Hoje venho até ao cemitério das Furnas render-te homenagem avó. Faz hoje 50 anos sobre o 25 de Abril, o único dia que me lembro de teres vertido uma lágrima.
Na tua campa nem um único cravo chegou, nem da junta, nem da câmara, nem do governo, nenhum mesmo, nem vermelho nem de cor alguma, contudo foste um dos poucos, para não dizer o único filho deste vulcão, que não tiveste medo de falar e por isso foste preso. Tu que chegaste a dividir uma banana por cinco partes iguais para que todos na mesa de jantar lá de casa acreditassem que não estavam a passar fome!
Só os teus sempre fiéis músicos militares não se esqueceram de ti, a nossa Banda Militar (a dos Açores) tocou ontem à noite no Auditório Camões a tua bela suite de valsas, Rosas de Maio, quanto aos restantes nem uma palavra. Uma tristeza!

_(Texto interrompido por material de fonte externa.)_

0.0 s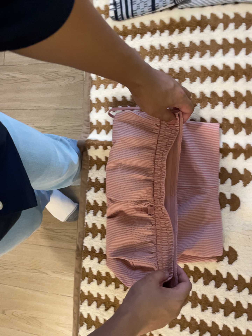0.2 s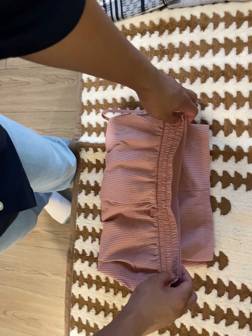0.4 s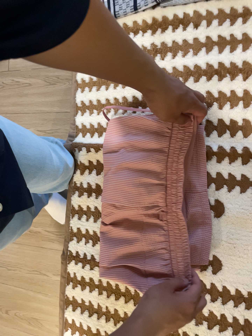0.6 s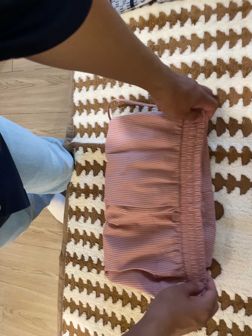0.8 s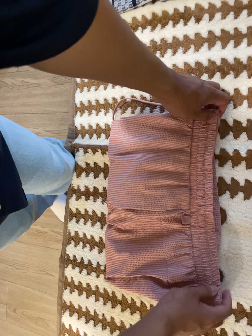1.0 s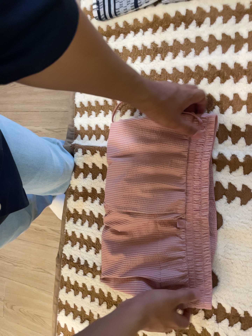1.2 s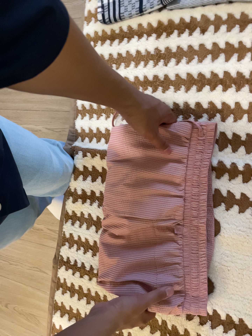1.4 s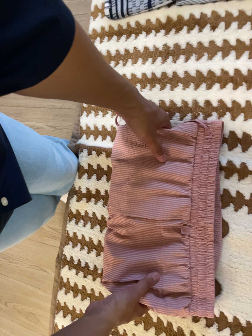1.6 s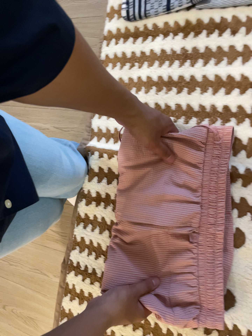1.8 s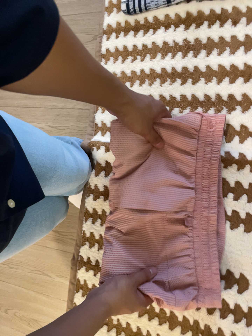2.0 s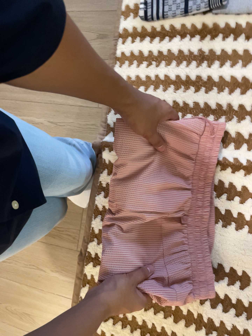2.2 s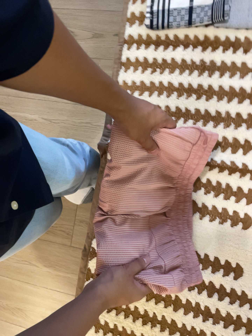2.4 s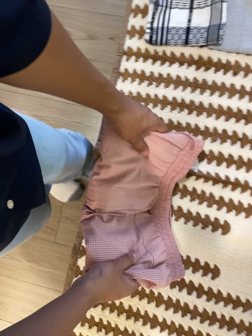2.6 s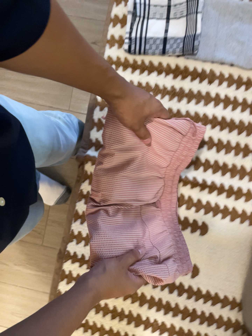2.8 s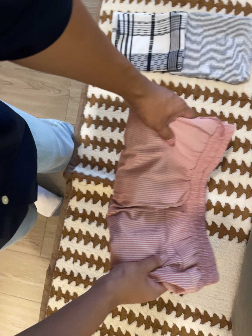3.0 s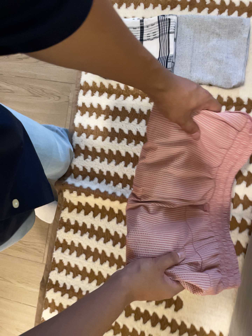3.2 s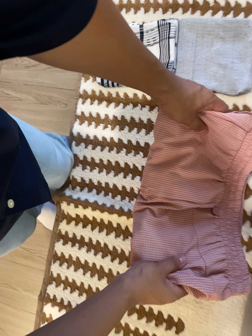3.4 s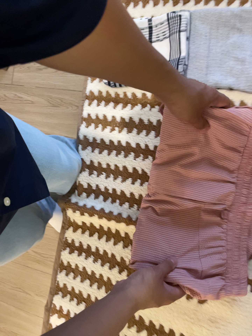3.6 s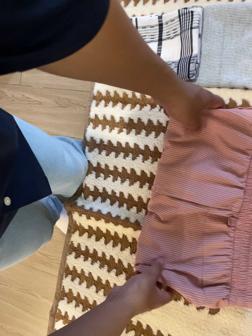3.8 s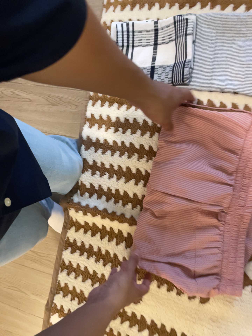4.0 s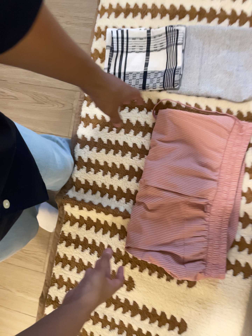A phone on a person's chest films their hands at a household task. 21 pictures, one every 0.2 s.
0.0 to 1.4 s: The camera travels to its right, about 12 cm.
1.4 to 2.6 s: The camera pans to its right by about 20 degrees. It travels to its left and backward, about 24 cm.
2.6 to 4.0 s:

O filho do Senhor Furtado, o nosso vizinho, o que foi para Lisboa tirar um curso, o Gualter, lembras-te avo, aquele que tanto gostavas, foi o único que tudo fez para que não fosses esquecido hoje.
Sabes avo os democratas agora são eles todos, são milhões deles, aparecem como coelhos de todos os cantos com cravos falsos, todos escrevem livros, todos eles inventam histórias e historietas, uns porque tiveram a ideia de por um cravo na ponta de uma espingarda tem direito a telejornal, outros por outras tantas menores razões que nem lembra ao diabo, tiveram lindas condecorações, palavras, e insígnias lindíssimas da nossa República Portuguesa, mas os poucos como tu, os verdadeiros democratas não constaram de nenhuma lista, não tiveram artigos nos jornais, nem receberam homenagens públicas, nem aparecem em coisa alguma. Todos estão felizes agora, o país coloriu-se de belas cores, vocês os verdadeiros democratas, apenas jazem nas vossas pobres covas esquecidos e humilhados, curiosamente, nem melhor nem pior, tal qual o ditador que lá no Vimieiro jaz também esquecido e humilhado como vocês. A tua luta não serviu para ti nem para os teus, se soubesses o que estão fazendo comigo neste preciso momento, acho que até é melhor nem contar-te calar-me para que possas continuar a descansar em Paz. Avô arranjei a campa, consegui por-vos todos juntos, só falta o Paulo por estar ainda impedido. Recebe um beijo deste teu neto que te admira e te ama muito! Luís Miguel.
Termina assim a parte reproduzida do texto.